Ukraine’s leading coal and power holding DTEK Energy
generated UAH 47.24 bln net revenue in 2020, according to its abridged
financial report released March 1. This is a 38% yoy decline, which was a
result of decreased production and prices, as we conclude from the company’s
operating update. Namely, DTEK’s supply of generated electricity decreased 16%
yoy (to 23.8 TWh), while achieved electricity prices fell 21% yoy (to UAH
1.30/kWh, net of VAT, duties and balancing market margin). The company’s sale
of raw coal and coal concentrate decreased 17% yoy to 13.1 mmt, as its mining
of ROM coal fell 16% yoy to 18.8 mmt in 2020.
DTEK Energy’s EBITDA reached UAH 9.34 bln in 2020,
Concorde Capital estimated, which is a 42% decline yoy. Below EBITDA, its four
key cost items each exceeding UAH 7 bln (depreciation, losses on financial
instruments impairment, ForEx losses and finance costs) led to UAH 19.13 bln
net losses in 2020, down from a positive bottom line of UAH 1.84 bln a year
before.
The holding’s operating cash flow before working
capital changes declined broadly in line with EBITDA, down 46% yoy to UAH 9.43
bln, while net cash flow from operations decreased 28% yoy to UAH 4.02 bln in
2020. DTEK Energy decreased its capital expenditures 38% yoy to UAH 3.13 bln
last year.
Its total debt increased 32% yoy to UAH 59.57 bln at
the end of 2020 and net debt increased 29% yoy to UAH 57.96 bln. In this way,
the holding’s net debt to EBITDA ratio worsened to 6.2x at the end of 2020,
from 2.8x a year ago.

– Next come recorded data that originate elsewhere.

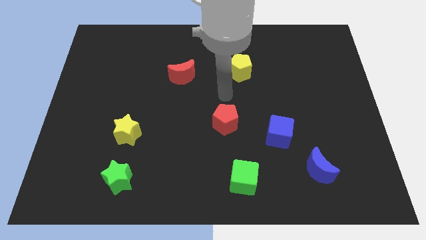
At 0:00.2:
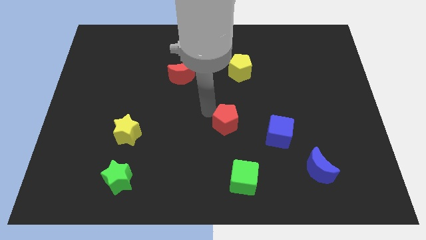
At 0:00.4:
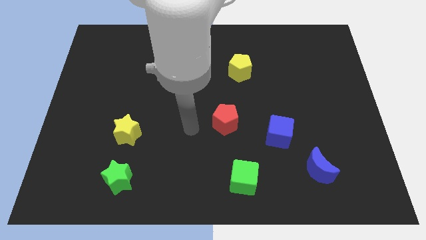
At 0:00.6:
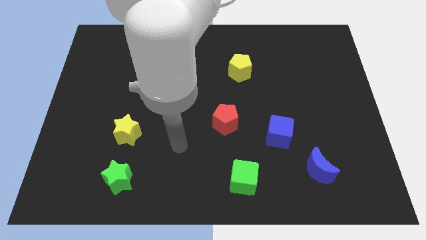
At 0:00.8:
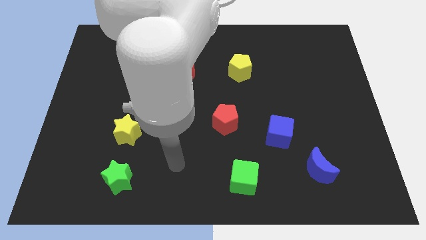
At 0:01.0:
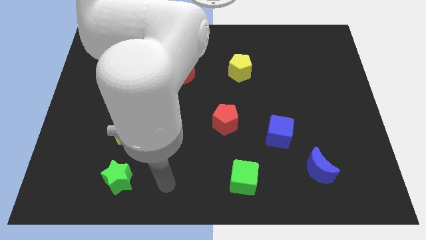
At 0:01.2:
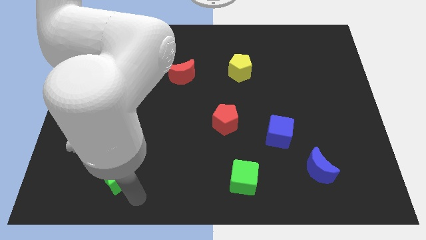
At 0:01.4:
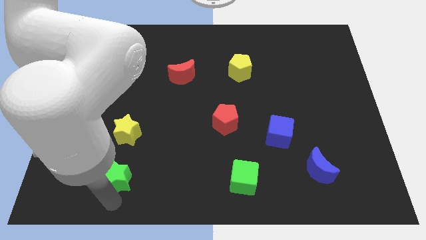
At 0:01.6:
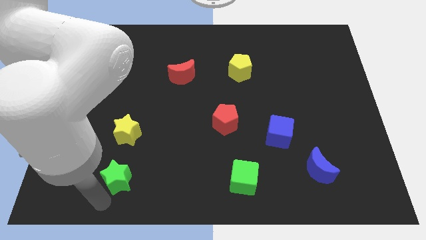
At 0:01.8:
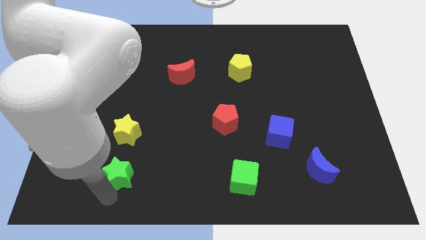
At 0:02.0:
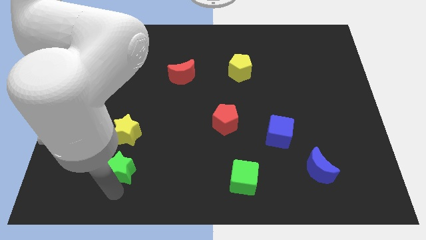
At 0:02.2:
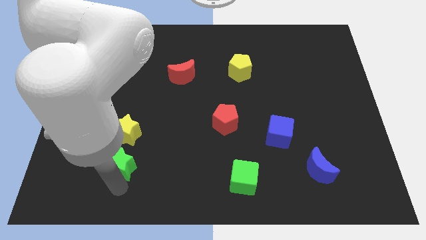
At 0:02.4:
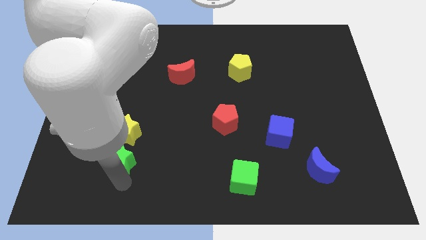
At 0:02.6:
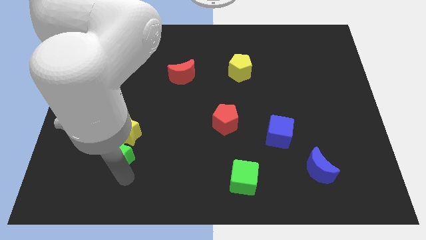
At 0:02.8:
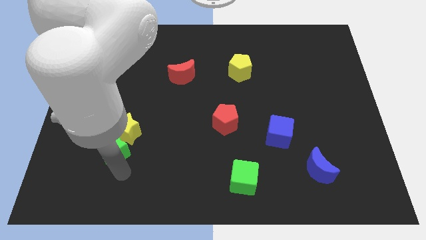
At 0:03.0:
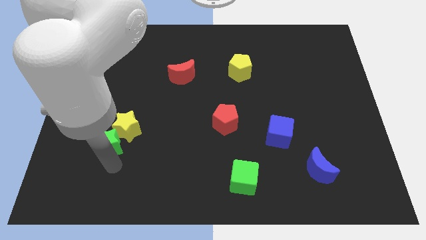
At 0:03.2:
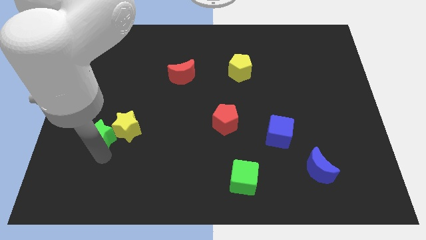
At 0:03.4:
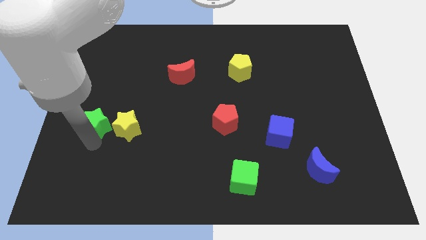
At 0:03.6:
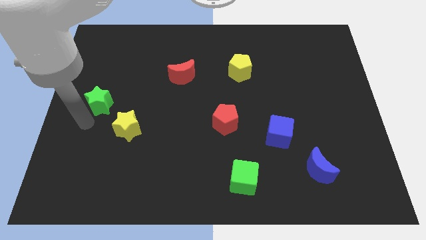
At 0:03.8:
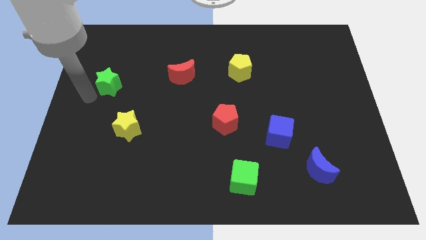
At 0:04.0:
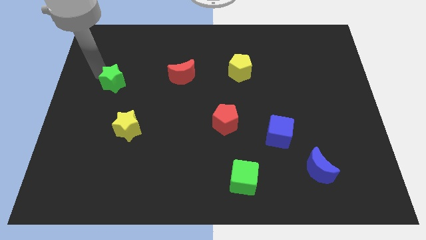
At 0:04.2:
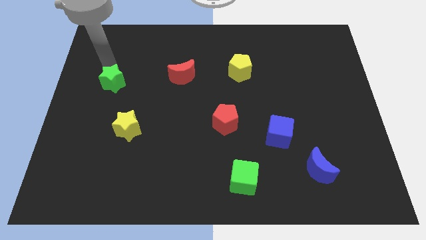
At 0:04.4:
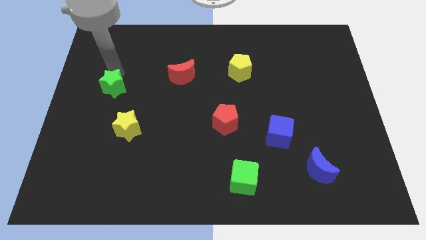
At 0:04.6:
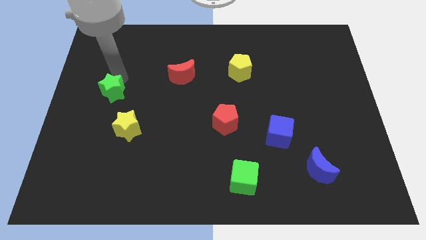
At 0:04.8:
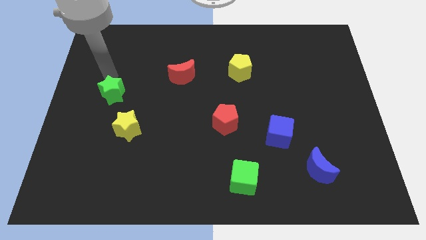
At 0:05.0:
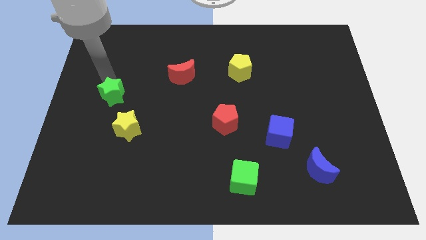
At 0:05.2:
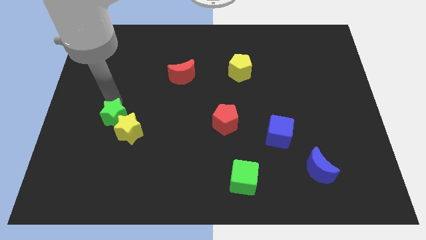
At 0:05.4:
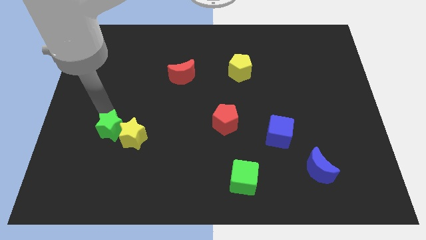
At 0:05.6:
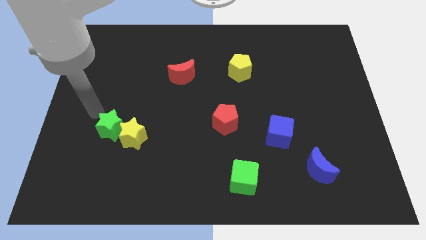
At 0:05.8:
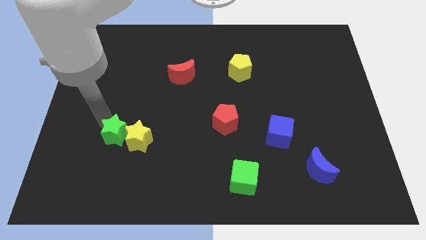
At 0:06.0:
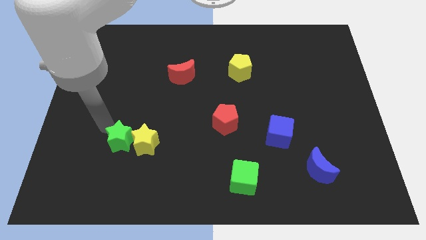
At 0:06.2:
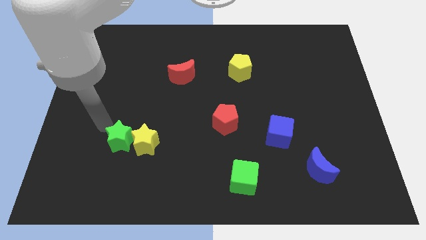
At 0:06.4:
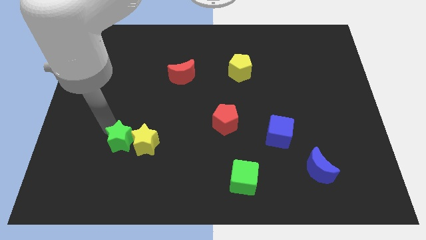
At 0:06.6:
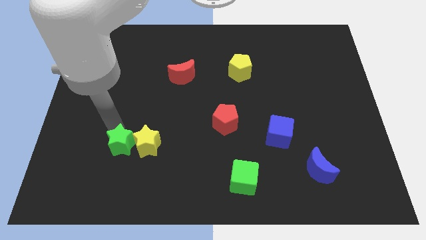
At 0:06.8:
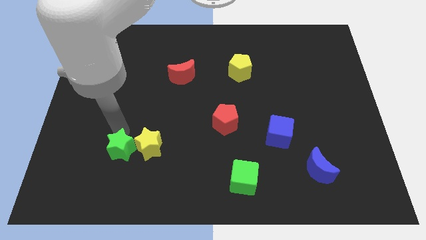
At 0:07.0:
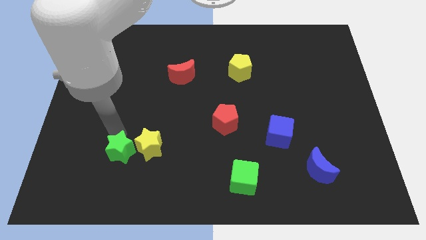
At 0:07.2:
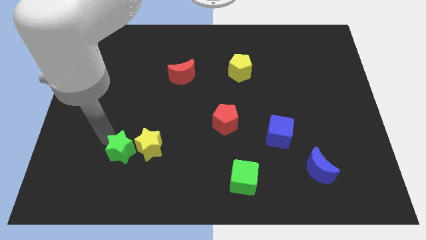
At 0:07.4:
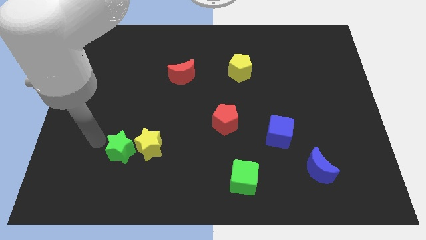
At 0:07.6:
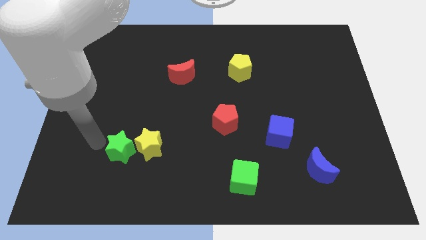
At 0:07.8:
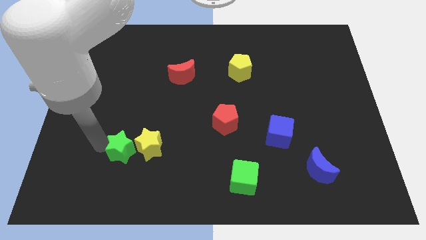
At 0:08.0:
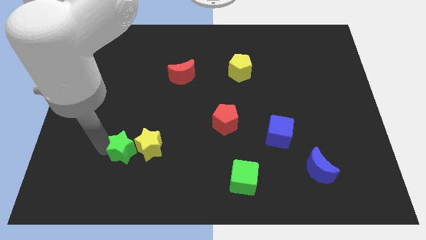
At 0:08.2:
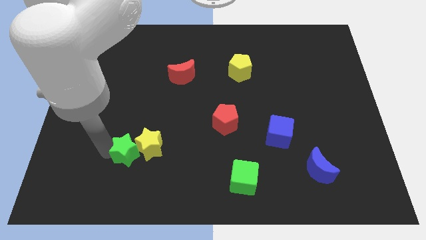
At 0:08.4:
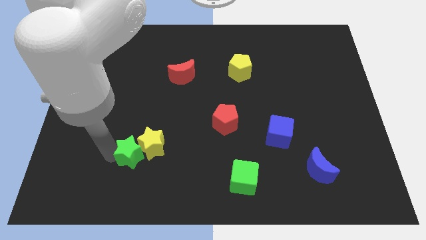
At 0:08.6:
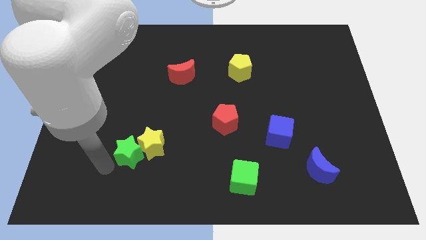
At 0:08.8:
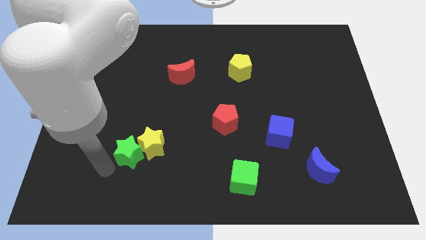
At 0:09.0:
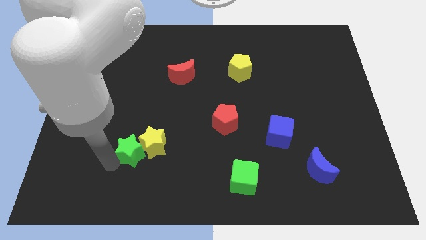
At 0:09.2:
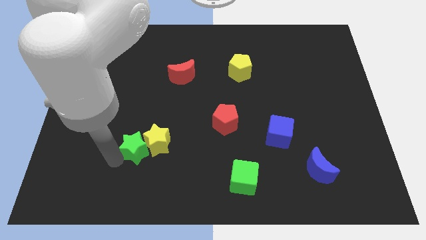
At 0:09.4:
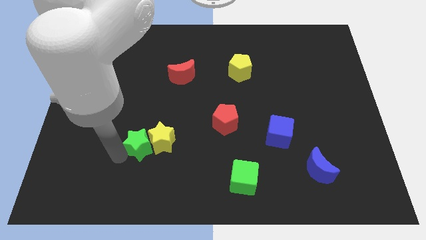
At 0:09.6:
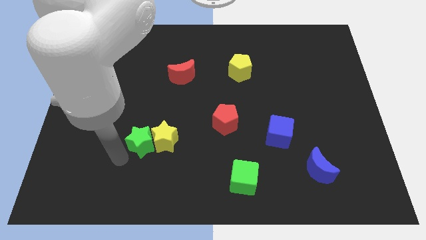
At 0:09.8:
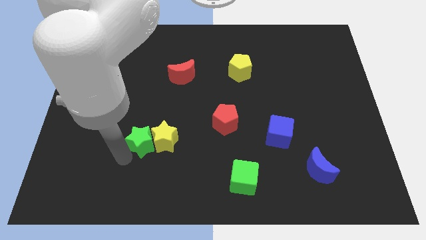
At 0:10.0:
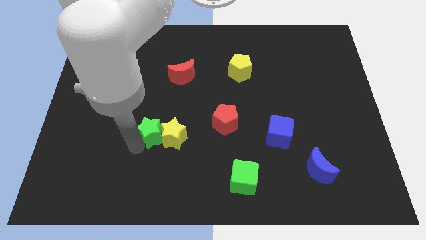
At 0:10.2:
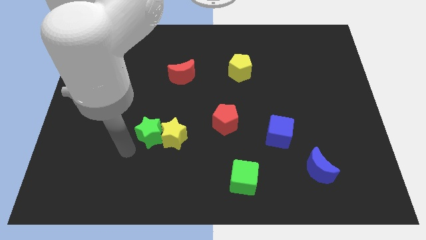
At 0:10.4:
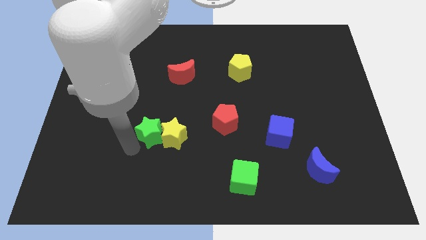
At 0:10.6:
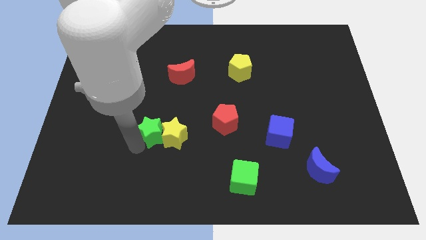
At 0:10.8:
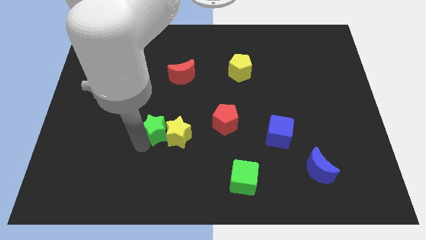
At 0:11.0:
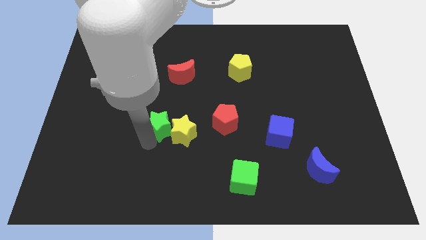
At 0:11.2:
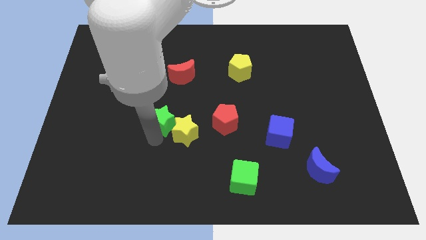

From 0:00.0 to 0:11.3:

Accounting for DTEK Oil & Gas expected contribution
to DTEK Energy’s debt decline (USD 425 mln), the holding’s net debt to EBITDA
ratio is 4.9x.
Alexander Paraschiy: In line with our estimates, DTEK
Energy’s EBITDA exceeded its guidance of UAH 8 bln, revealed in July. Moreover,
the company’s results imply its 4Q20 EBITDA was the best quarterly result since
the launch of the new wholesale energy market in July 2019, even though coal
and electricity prices were not the highest in the quarter. This suggests DTEK
Energy is efficient in cost optimization and in adjusting to new market rules.
In 2021, we expect further progress in cost optimization as the holding got rid of a large mining asset.
This, as well as some expected improvement in coal and power prices at the
market, allows us to forecast an increase of the holding’s EBITDA this year, as
well as the improvement of its mid-term debt sustainability. Meanwhile, its key
task is to complete the initiated debt restructuring.